**Work instructions:**
Below are the entries; output exactly the lines from the one containing "SELECT bounding_box FROM" through the final line, inclusive.

**Data for the task:**
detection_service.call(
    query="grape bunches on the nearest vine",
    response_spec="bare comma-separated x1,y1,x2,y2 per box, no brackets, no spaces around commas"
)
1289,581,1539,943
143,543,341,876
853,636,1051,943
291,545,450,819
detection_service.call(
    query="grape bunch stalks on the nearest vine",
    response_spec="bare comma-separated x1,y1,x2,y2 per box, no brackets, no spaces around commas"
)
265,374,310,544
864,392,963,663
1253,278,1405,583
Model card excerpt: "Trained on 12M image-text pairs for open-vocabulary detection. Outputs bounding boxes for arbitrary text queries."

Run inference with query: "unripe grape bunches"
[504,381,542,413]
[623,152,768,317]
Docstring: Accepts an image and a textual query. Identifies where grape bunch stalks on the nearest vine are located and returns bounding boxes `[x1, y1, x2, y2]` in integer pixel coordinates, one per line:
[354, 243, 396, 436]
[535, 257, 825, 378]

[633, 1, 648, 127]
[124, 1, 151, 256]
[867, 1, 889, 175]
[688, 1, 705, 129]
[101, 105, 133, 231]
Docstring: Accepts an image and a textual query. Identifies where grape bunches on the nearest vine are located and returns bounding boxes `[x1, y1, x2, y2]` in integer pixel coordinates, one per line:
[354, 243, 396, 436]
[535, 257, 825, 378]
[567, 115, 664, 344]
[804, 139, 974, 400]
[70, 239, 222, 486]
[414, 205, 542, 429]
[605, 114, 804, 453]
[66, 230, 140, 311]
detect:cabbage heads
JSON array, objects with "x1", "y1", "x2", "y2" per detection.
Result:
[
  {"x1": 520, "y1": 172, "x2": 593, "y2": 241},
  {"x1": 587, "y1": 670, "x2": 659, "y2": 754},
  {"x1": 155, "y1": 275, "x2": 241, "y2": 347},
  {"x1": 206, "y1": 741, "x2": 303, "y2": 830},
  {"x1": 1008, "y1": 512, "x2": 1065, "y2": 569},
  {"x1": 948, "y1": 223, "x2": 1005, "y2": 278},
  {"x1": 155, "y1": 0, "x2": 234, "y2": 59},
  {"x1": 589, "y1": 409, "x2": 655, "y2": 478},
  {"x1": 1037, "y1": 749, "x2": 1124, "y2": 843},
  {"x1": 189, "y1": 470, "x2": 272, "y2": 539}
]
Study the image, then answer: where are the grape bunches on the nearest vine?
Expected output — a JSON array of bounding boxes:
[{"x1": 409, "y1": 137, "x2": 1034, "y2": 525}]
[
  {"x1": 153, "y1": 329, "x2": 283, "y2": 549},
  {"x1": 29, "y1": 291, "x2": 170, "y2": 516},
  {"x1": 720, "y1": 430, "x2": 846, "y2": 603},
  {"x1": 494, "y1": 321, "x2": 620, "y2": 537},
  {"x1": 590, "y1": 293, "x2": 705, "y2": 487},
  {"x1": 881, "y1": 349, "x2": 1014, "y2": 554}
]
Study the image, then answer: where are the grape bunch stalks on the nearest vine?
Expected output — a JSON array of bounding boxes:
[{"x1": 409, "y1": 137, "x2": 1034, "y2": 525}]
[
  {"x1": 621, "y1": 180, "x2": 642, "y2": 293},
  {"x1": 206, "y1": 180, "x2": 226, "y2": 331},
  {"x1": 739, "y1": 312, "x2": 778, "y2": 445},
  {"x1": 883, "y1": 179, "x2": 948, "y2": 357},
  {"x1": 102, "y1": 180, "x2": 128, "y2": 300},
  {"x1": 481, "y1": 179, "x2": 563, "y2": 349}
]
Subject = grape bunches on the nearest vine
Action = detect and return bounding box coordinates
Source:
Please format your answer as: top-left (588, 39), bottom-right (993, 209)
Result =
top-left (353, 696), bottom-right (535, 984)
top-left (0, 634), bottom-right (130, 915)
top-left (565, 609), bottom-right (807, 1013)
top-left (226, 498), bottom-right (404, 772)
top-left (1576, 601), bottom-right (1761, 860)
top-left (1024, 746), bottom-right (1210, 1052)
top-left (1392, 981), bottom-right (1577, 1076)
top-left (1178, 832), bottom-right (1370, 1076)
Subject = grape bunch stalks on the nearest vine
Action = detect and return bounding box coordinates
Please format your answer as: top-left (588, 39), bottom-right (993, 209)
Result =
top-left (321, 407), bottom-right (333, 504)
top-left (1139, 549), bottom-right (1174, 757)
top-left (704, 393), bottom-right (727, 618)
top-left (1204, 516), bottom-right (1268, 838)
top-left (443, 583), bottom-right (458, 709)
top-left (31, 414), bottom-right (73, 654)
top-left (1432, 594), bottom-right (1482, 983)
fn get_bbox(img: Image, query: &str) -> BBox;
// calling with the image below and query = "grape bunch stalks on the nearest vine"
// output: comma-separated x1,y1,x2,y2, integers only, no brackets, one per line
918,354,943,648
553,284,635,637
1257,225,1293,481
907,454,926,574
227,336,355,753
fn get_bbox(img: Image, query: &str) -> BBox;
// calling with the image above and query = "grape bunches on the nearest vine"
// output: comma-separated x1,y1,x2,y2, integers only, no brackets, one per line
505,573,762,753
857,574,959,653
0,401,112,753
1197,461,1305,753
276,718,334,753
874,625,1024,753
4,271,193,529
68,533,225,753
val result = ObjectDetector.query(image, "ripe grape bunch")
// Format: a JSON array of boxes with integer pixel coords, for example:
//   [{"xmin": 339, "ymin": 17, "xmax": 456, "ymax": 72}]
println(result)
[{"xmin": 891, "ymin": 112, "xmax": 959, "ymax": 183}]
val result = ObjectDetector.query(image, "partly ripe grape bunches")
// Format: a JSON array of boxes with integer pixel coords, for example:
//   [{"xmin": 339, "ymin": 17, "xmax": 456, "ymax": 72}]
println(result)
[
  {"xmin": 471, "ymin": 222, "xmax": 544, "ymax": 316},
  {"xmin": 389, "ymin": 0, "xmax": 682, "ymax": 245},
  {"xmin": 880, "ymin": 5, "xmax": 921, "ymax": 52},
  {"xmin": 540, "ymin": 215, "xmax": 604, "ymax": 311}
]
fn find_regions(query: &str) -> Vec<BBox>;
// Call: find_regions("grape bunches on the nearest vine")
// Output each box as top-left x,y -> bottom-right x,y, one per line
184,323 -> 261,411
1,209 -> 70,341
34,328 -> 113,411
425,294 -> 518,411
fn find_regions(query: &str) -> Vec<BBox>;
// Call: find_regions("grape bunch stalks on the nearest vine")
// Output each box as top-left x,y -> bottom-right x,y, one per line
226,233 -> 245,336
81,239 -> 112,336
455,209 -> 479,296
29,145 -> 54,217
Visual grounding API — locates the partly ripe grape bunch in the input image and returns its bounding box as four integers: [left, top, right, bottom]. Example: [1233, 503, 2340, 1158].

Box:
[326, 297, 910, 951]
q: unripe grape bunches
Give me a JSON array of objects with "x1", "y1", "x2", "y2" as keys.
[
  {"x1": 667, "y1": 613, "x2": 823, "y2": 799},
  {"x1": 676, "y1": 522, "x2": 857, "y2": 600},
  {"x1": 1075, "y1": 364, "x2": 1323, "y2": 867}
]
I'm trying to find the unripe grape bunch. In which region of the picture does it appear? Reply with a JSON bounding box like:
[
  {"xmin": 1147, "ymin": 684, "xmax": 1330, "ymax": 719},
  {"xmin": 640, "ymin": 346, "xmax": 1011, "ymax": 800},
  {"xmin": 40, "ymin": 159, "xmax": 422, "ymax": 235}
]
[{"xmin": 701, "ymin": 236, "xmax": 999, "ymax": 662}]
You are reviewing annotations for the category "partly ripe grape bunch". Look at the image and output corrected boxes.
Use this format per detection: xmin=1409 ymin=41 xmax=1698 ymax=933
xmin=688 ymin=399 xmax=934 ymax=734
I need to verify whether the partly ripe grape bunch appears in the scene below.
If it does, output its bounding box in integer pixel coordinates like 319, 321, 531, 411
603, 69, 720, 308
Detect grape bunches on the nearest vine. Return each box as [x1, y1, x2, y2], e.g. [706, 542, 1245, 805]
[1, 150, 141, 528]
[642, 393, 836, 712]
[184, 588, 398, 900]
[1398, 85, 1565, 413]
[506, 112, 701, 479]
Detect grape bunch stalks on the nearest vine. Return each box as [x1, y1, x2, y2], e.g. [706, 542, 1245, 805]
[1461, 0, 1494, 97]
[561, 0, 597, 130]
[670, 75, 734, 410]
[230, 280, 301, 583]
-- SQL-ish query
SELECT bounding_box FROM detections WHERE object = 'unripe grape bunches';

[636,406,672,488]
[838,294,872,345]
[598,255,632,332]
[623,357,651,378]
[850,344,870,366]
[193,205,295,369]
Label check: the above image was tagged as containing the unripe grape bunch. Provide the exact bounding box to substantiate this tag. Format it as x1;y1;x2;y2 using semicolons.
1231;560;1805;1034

**Answer to this task:**
SELECT bounding_box FROM detections WHERE object = 'unripe grape bunches';

[636,406,672,488]
[838,294,872,345]
[598,255,632,332]
[623,357,651,378]
[850,344,870,366]
[193,205,295,369]
Label check: the above image was tagged as containing the unripe grape bunch. Provide the exact bounding box to substantiate this tag. Format it as x1;y1;x2;y2 using semicolons.
1231;560;1805;1034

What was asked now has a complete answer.